Your goal =>
Would you please return the data below verbatim, without its pictures?

Material for this exercise =>
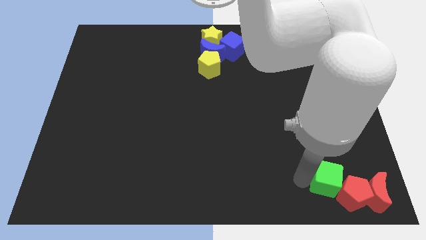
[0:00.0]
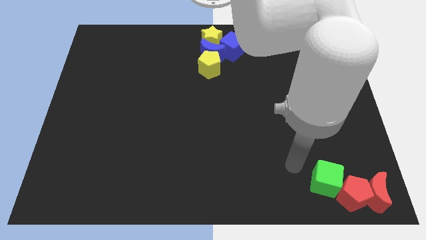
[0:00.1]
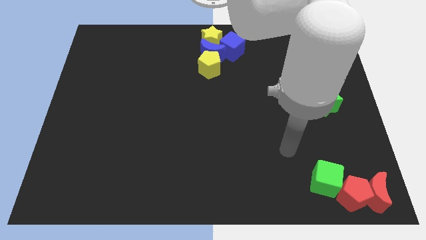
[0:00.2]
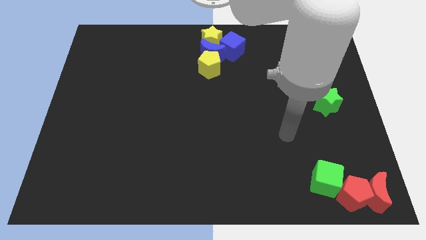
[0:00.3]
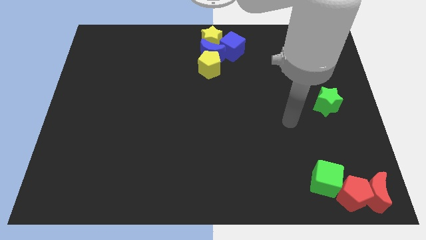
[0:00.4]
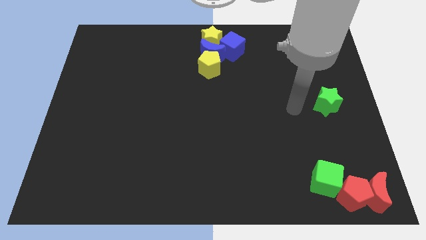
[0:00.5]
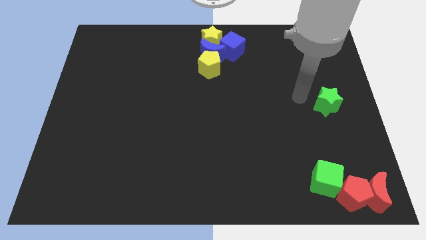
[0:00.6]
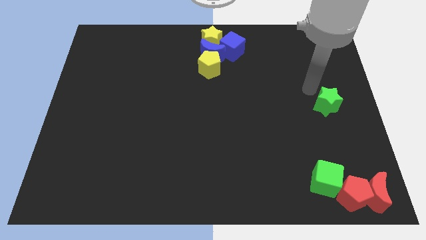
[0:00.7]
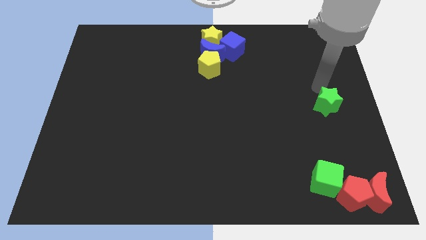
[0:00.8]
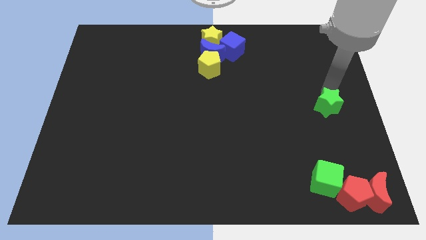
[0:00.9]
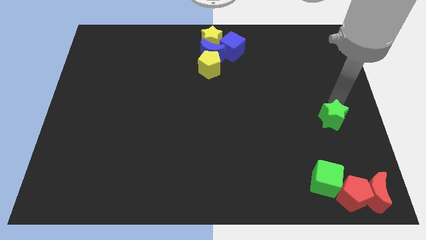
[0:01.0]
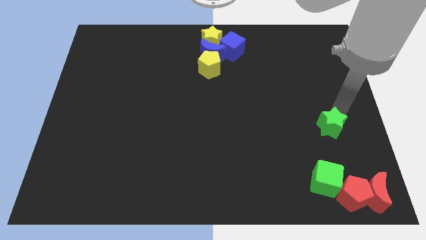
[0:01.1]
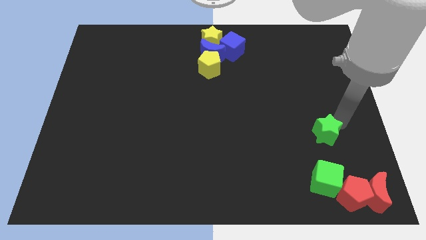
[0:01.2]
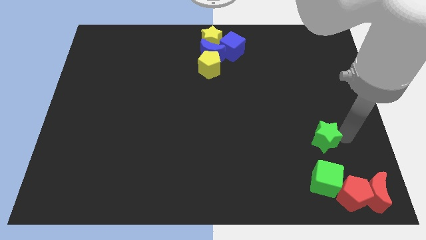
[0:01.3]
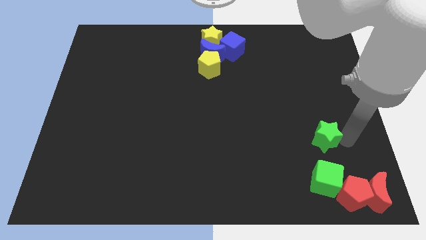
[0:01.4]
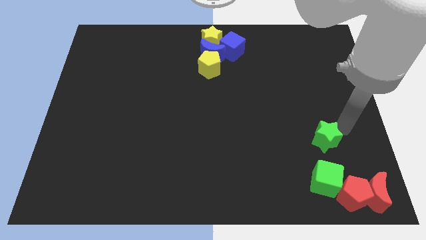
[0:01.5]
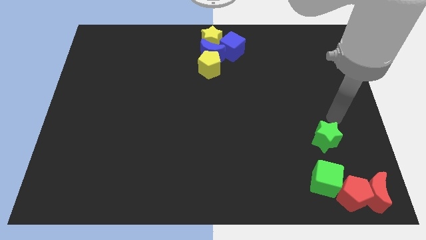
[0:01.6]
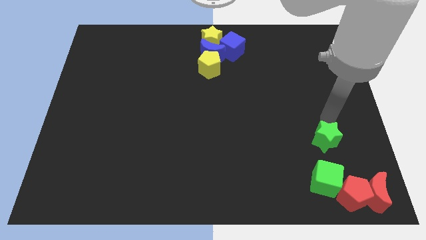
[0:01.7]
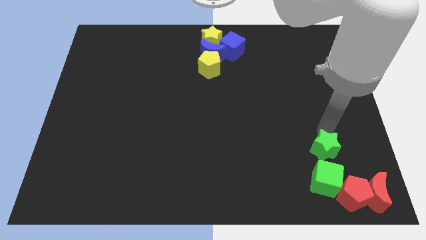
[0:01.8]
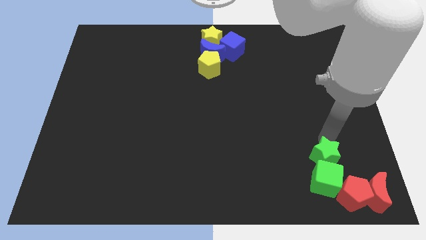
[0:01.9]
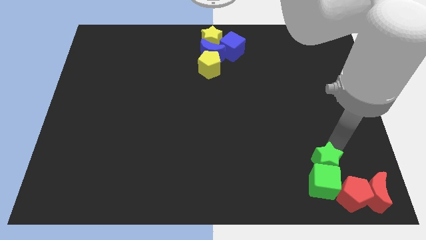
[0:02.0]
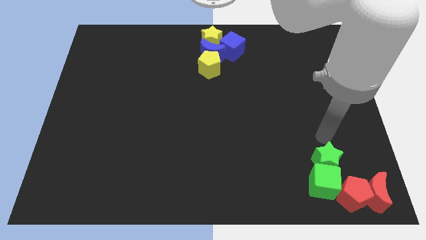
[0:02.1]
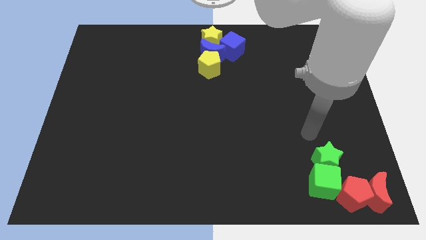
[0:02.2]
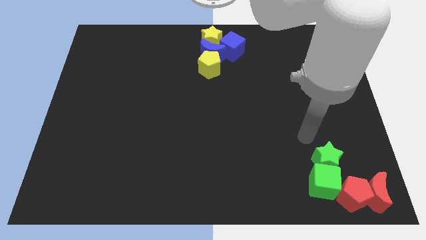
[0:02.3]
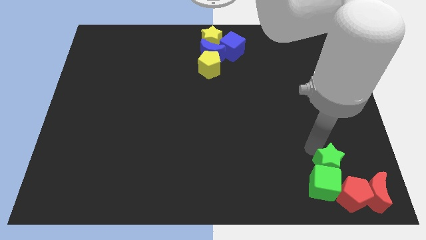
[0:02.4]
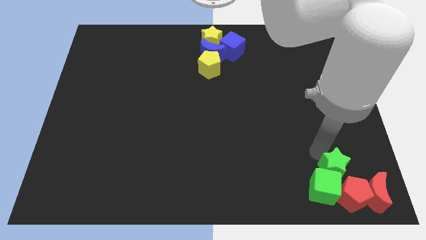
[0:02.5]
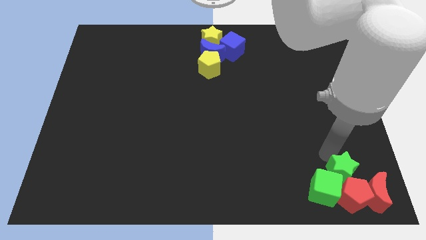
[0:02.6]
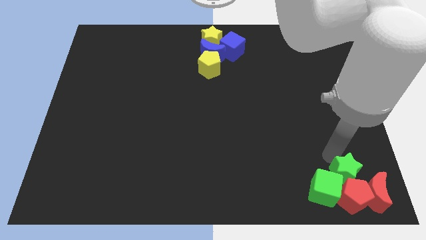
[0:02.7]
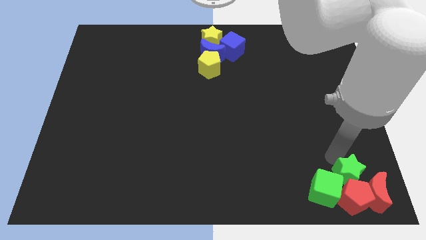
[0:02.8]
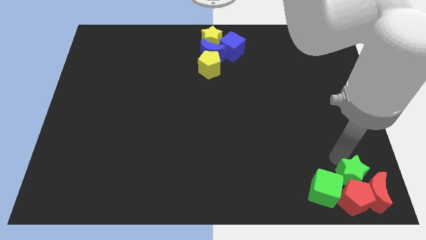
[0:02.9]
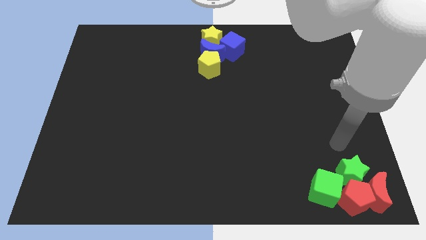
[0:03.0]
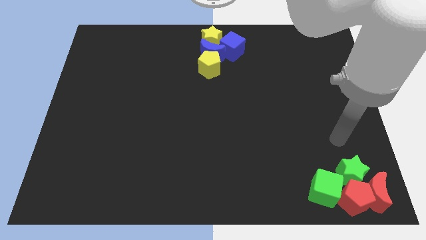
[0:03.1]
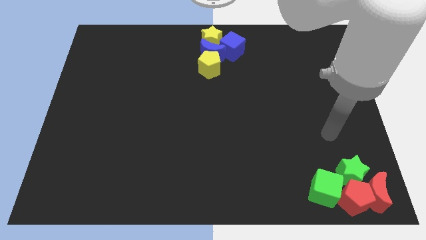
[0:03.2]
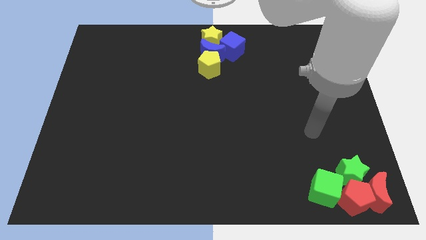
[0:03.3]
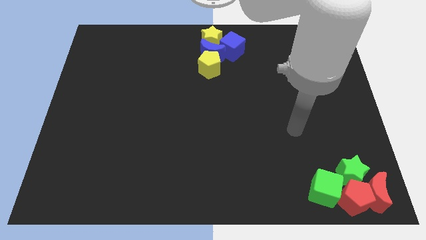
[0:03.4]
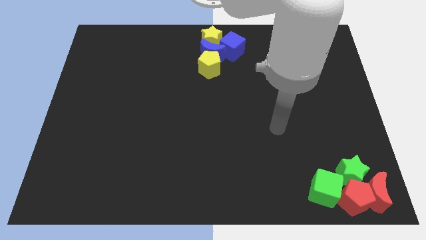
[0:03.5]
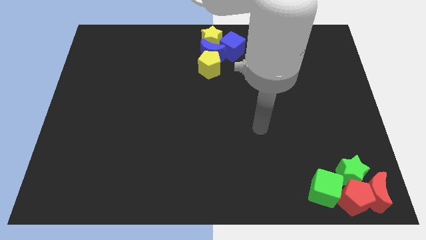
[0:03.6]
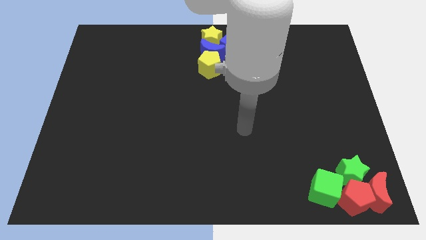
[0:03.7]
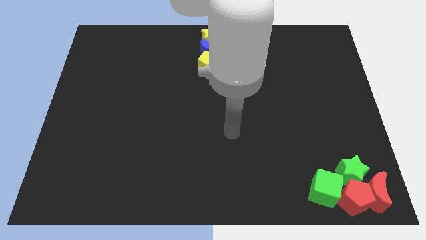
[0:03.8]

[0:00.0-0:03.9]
slide the green star into the group of blocks

Expected output =>
[0:00.0]
[0:00.1]
[0:00.2]
[0:00.3]
[0:00.4]
[0:00.5]
[0:00.6]
[0:00.7]
[0:00.8]
[0:00.9]
[0:01.0]
[0:01.1]
[0:01.2]
[0:01.3]
[0:01.4]
[0:01.5]
[0:01.6]
[0:01.7]
[0:01.8]
[0:01.9]
[0:02.0]
[0:02.1]
[0:02.2]
[0:02.3]
[0:02.4]
[0:02.5]
[0:02.6]
[0:02.7]
[0:02.8]
[0:02.9]
[0:03.0]
[0:03.1]
[0:03.2]
[0:03.3]
[0:03.4]
[0:03.5]
[0:03.6]
[0:03.7]
[0:03.8]

[0:00.0-0:03.9]
slide the green star into the group of blocks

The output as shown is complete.